姜惜若有些不好意思地往屏幕前凑了凑。
握手机的手都要举酸了。
见楼砚清凛起眉梢,姜惜若也不由得紧张起来:“严重吗?”
这时楼砚清又无比耐心地哄她:“小乖,别慌,伤势不是很严重,涂点药就好了。知道家里的药放在哪里吗?”
姜惜若立马不满道:“我知道,我又不是没自己上过药。”
前几日在车厢内留下的痕迹,还是她自己抹的药。
也不是她不让楼砚清给她上药,只是每次他涂抹时,她身体不受控的反应,让她很是为难。
刚抹上去的药,没一会儿又融化了,她只好重新涂抹,麻烦死了。
楼砚清的声音让人无比安心:“接下来我教你怎么按摩才能缓解痛感,小乖按照我说的来做,能做到吗?”
她也是疼怕了,听说有办法缓解,立马点头。
楼砚清在她面前时,从未真正抽过烟。
他的烟瘾不大,偶尔抽两根也都是参加宴会时,回家后总会在楼下呆一会儿散掉烟味。
他身上总是很纯净的乌木檀香味,没有被任何杂质污染。
可此刻,他却慢悠悠从扁平的黑盒子中抽出一根雪茄,啪的点燃打火机。
昏暗的室内,那簇金黄色火焰跳跃着,攀上烟蒂,瞬间如入无人之境,将外边那层薄薄的卷纸吞没。
那点忽明忽灭火光,危险地摇曳着。楼砚清夹着那根烟,微微低头吸了口,随后盯着视频另一端的她徐徐吐出烟雾。

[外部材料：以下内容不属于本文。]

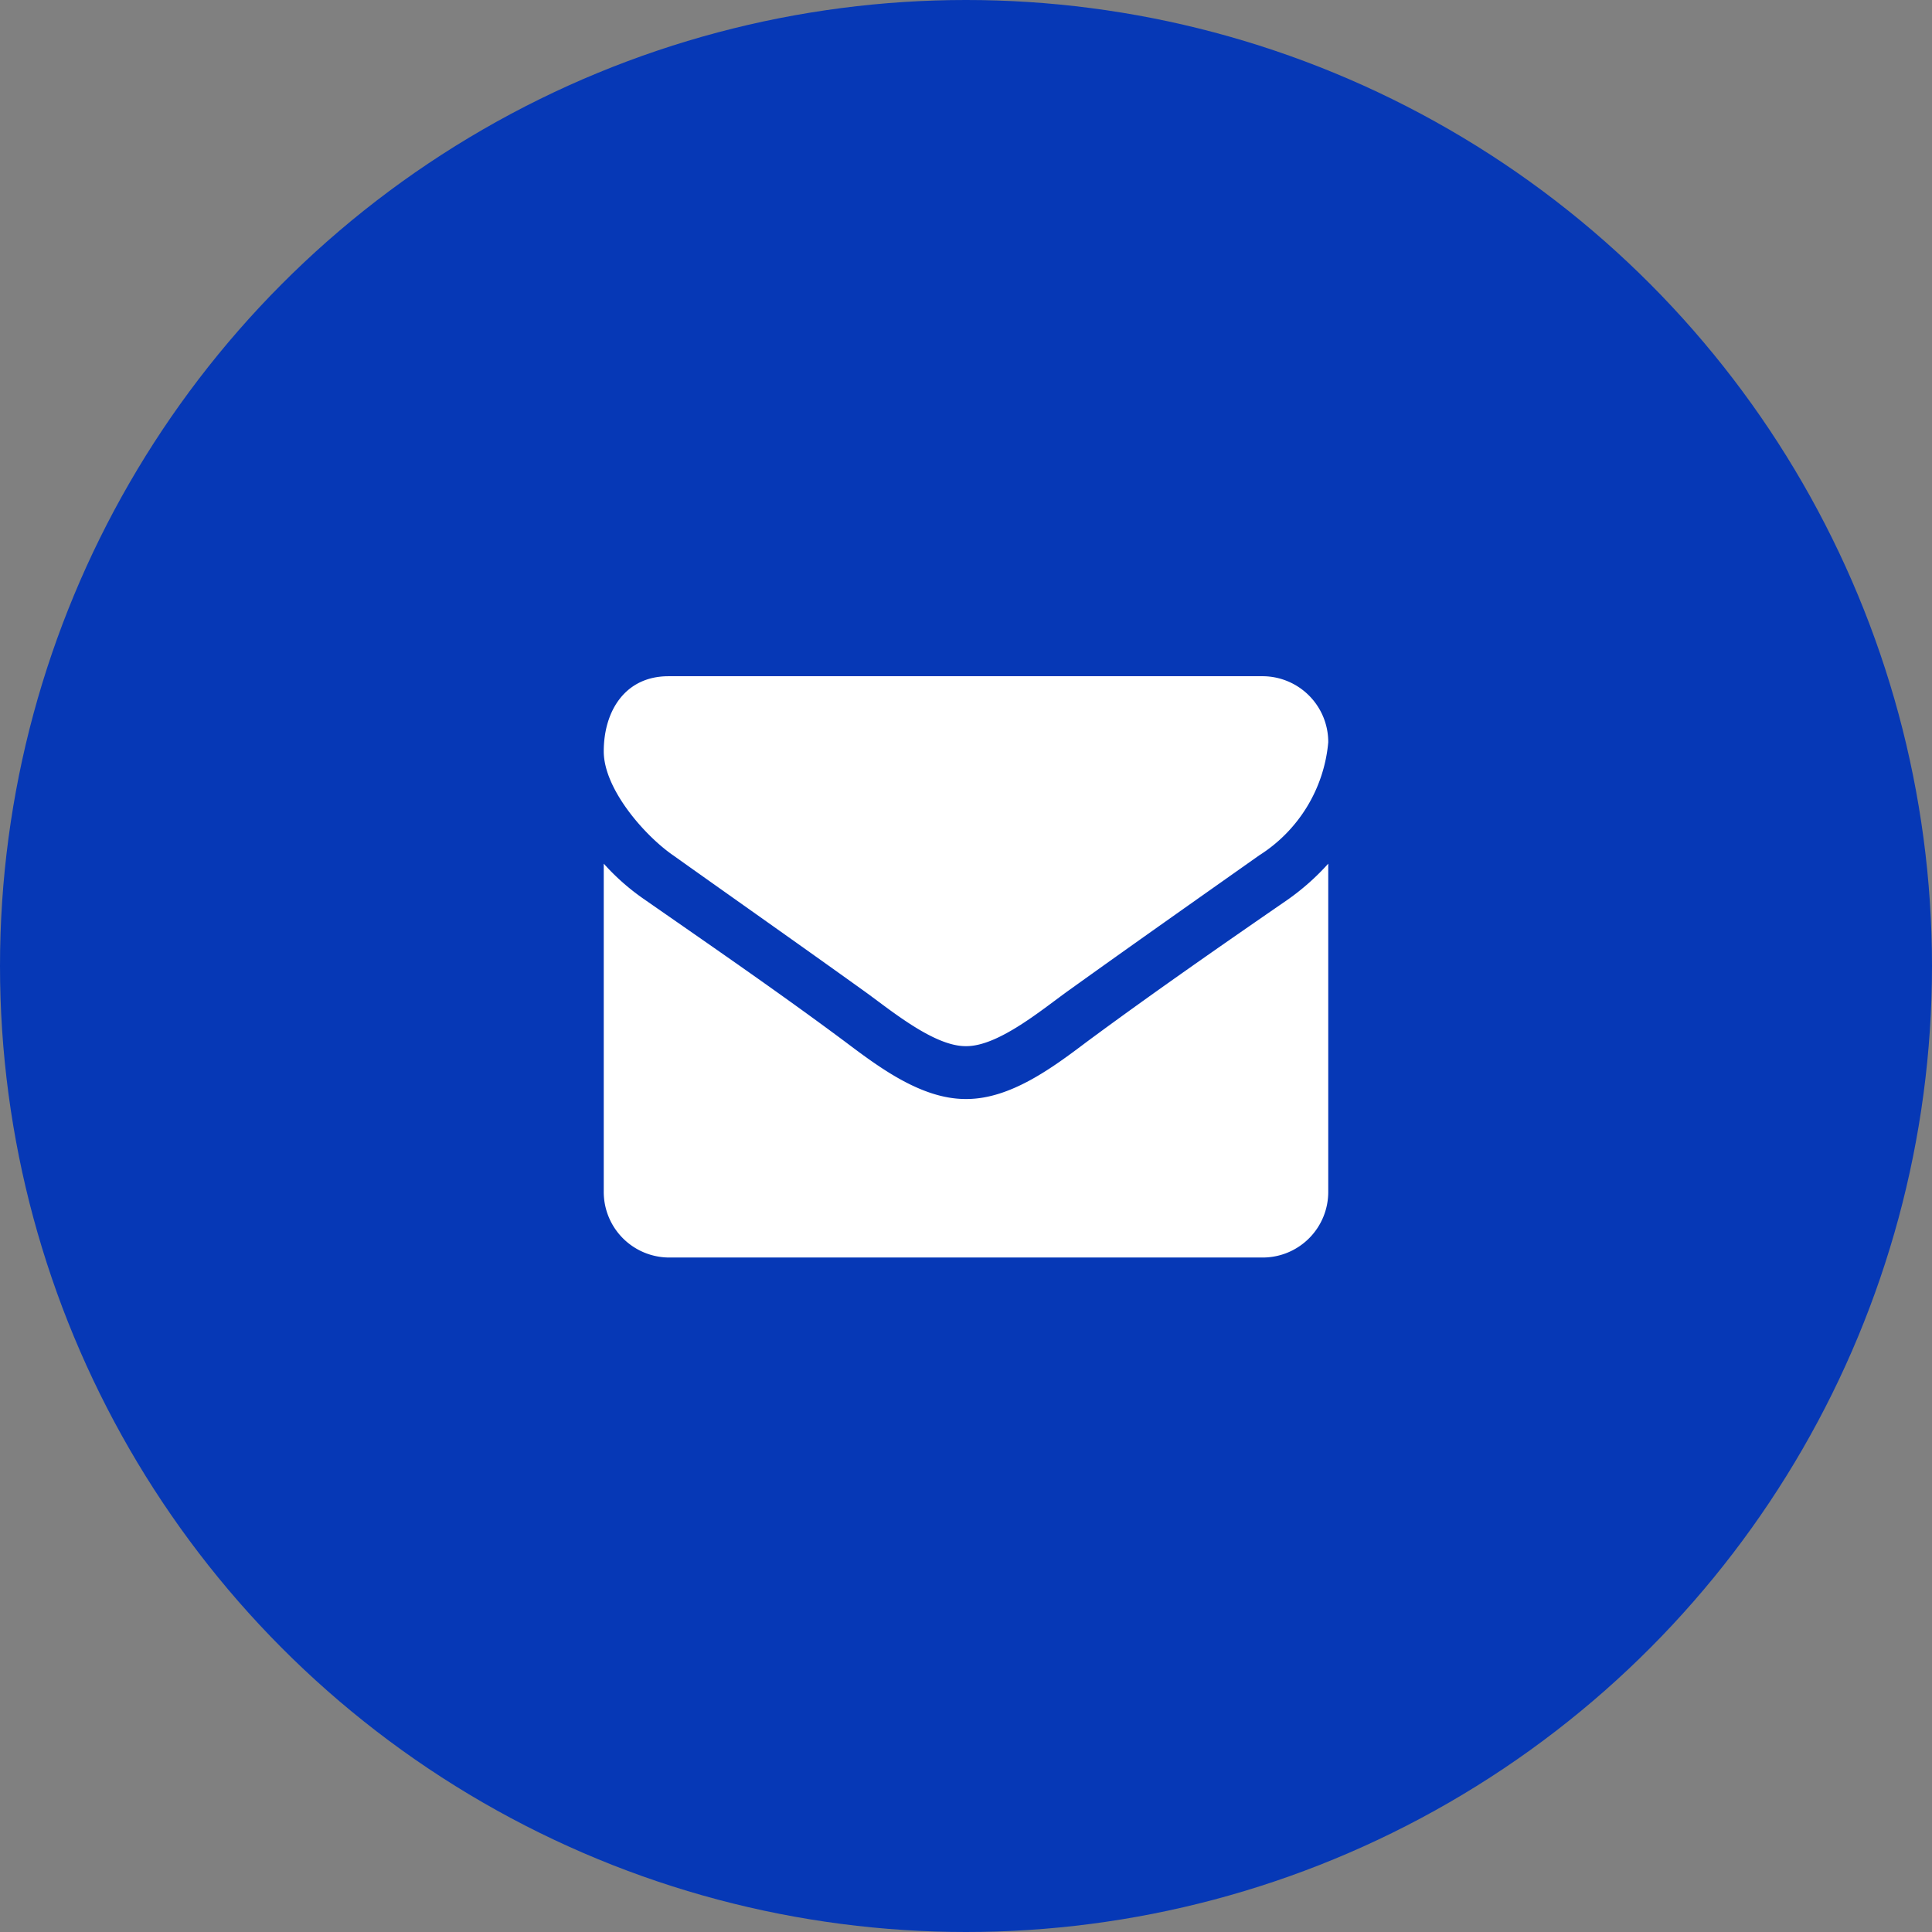 <svg xmlns="http://www.w3.org/2000/svg" width="80" height="80" viewBox="0 0 80 80">
  <rect x="0" y="0" width="80" height="80" fill="#808080" stroke="none"/>
  <g id="メール" transform="translate(-1816 -10)">
    <circle id="楕円形_14" data-name="楕円形 14" cx="40" cy="40" r="40" transform="translate(1816 10)" fill="#0638b6"/>
    <g id="アイコン-メール" transform="translate(1841 38)">
      <path id="パス_427" data-name="パス 427" d="M-2.5-38.667A9.925,9.925,0,0,1-4.174-37.18c-2.8,1.932-5.608,3.881-8.337,5.9-1.406,1.06-3.147,2.359-4.972,2.359h-.033c-1.825,0-3.566-1.3-4.972-2.359-2.729-2.034-5.541-3.966-8.32-5.9A9.42,9.42,0,0,1-32.5-38.667v13.574a2.715,2.715,0,0,0,2.679,2.735H-5.179A2.715,2.715,0,0,0-2.5-25.093Zm0-5.026a2.726,2.726,0,0,0-2.679-2.735H-29.821c-1.791,0-2.679,1.436-2.679,3.112,0,1.556,1.691,3.488,2.879,4.308,2.595,1.846,5.223,3.693,7.818,5.556,1.088.769,2.93,2.342,4.286,2.342h.033c1.356,0,3.2-1.573,4.286-2.342,2.595-1.863,5.223-3.71,7.835-5.556A6.19,6.19,0,0,0-2.5-43.693Z" transform="translate(32.5 46.429)" fill="#fff"/>
    </g>
  </g>
</svg>

雪茄不同于粗细支烟,浓浓的白雾飘在面前,使得他的五官变得朦胧。
红色的烟蒂折射着微弱的光,照亮了无名指上的婚戒,他的表情也愈发深不可测。
楼砚清的声音仿佛带着魔力,源源不断地对她施法:“小乖,把双手放上去,轻轻按着顺时针揉,慢慢的,动作幅度不要太大。”
她颤巍巍把手放上去,却总觉得疼得厉害。
她又缩回手,一副不敢的模样。
“小乖,别怕。”
楼砚清又在喊她,她只能克服胆怯,努力将手放上去。
她的手很嫩,掌心软的如面团。
外边的皮肤蹭着掌心,不小心夹进指缝里,带来些许异样的酥麻感。
“别揉得太用力,要轻。小乖的皮肤太嫩了,太用力容易受伤。”
楼砚清还在温柔提醒,视线仿佛能透过屏幕传到她身上。
楼砚清的手法比她娴熟多了,姜惜若只会笨拙地模仿,听他用低沉的声音教她:“再重点,先向里再往外,慢慢的,小乖做得很好,继续换逆时针揉一圈。”
可为什么按摩着,按摩着,身体越来越热。
她甚至觉得自己的动作动作也变得怪异起来。
她茫然地望向楼砚清,却只看见他那炙热的视线,像针尖刺,能把她的脸戳个洞。
室内愈发昏暗了,她也愈发迷失自我。
姜惜若看见楼砚清嘴角挂着一丝轻微的弧度,他双腿交叠,露出温柔又不失宠溺的笑,隐隐带着诱惑,在她耳畔沙哑响起:“小乖,再继续揉揉,好不好?”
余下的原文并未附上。